The jury is in. Okur is finished. He will never get back to NBA level playing form after the injury he sustained. His biggest value to the Jazz now is as a mentor for Kanter, and because the Jazz cant just trade him when he tore his achilles while trying to play through an injury to help the Jazz in the playoffs.


----------



## Catherder (Aug 2, 2008)

One more thing to ask before sending off a big is this. Who is going to play small forward?
If AK is re-signed, then that would cover us some for the 45-50 games he is available and not injured, but I'm not sure the jazz ought to do that. (does depend on the cost too) Millsap can do it but who else? I've seen Hayward and CJ Miles listed as SF, but to me, they seem to be shooting guards. Jeremy Evans? :| Maybe if Hayward bulks up, he could take some of those SF minutes. That is why I would hold onto Millsap.



Packfish said:


> Hate to say it but I think we could get a very good point guard for Al.


I suppose it depends on who is being offered, but you might have a point. I still think that those type of moves ought to be a year away IMO.


----------



## svmoose (Feb 28, 2008)

Burks might be able to play the one, we'll have to see. Maybe the Jazz were thinking of possible putting him in there. I think he has a good mentor in Hornacek to teach shooting. Hayward is listed as a SF, I think he could play some at the 3. 

Surrounded by shooters, a slasher/driver like Burks could provide some decent opportunities to play off of him. I say don't sign AK, see how it goes with the current roster through the summer and make a trade for big Al if needed to get a better PG.


----------



## OKEE (Jan 3, 2008)

What I have seen of kanter the guys a stud. Burks I think he will spend most of his time at the 1 spot .


----------



## xxxxxxBirdDogger (Mar 7, 2008)

I don't see the need to trade a big guy this year. I'd start Jefferson and Favors and bring Kanter and Millsap in with the second unit. That gives each of the young guys a veteran to play with. It also leaves the Jazz with someone on the floor at all times that the team can call upon for points.

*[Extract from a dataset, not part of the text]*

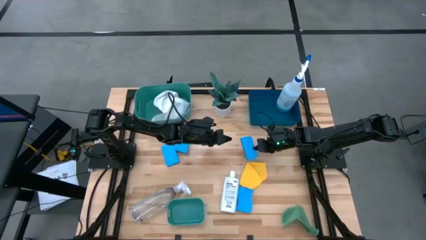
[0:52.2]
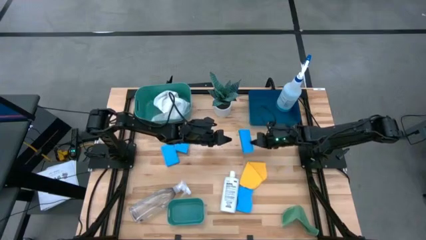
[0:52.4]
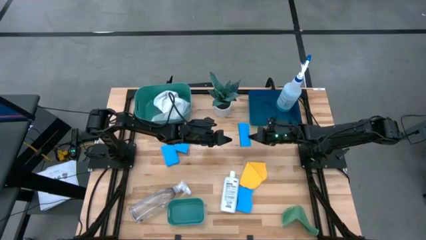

Point guard is a question mark. Devin Harris was an All-Star two years ago, but he was playing run and gun with Dallas. That is probably a style that suits his speed. He is one of the fastest guards in the league. He was All-American at Wisconsin, though, and they slow the ball down. The difference is that Wisconsin keeps some long range shooters on hand for their guard to penetrate and dish out to. Utah lacks consistent shooters at the wing position and it just kills their offense. Hopefully Hayward will continue to develop and then he'll be that guy. 

I think the offense will need to be tweaked to get the most out of the guardline of Harris and Burks. They are both speedsters without much of an outside shot. Sometimes you've got to let your horses run...


----------



## Catherder (Aug 2, 2008)

They were talking about a rumor on the news last night of a possible trade with the Sixers. Either Big Al or maybe Millsap for Andre Iguadala. 

Hmmm. -Ov-


----------



## Packfish (Oct 30, 2007)

I see they signed Miles for another year


----------



## mm73 (Feb 5, 2010)

Catherder said:


> One more thing to ask before sending off a big is this. Who is going to play small forward?


Gordon Hayward. The Jazz have a young but very talented nucleus of players in Hayward, Favors, and now Kanter. The best thing the Jazz can do next season is get them as much playing time as possible to let them develop. Veteran players like AK, Milsap and Jefferson may not like coming off the bench or losing minutes to these younger players, but they are the future of the franchise and the Jazz should be looking to the future if they are going to be rebuilding.


----------



## HighNDry (Dec 26, 2007)

Kanter could be the next Karl Malone...he already likes rassling.


----------



## jahan (Sep 7, 2007)

HighNDry said:


> Kanter could be the next Karl Malone...he already likes rassling.


:lol: So who is going to be his wrestling partner? :mrgreen:


----------



## Chaser (Sep 28, 2007)

jahan said:


> HighNDry said:
> 
> 
> > Kanter could be the next Karl Malone...he already likes rassling.
> ...


Ron "Metta World Peace" Artest seems like the Dennis Rodman of today. Wouldn't surprise me one bit if he got in the ring.


----------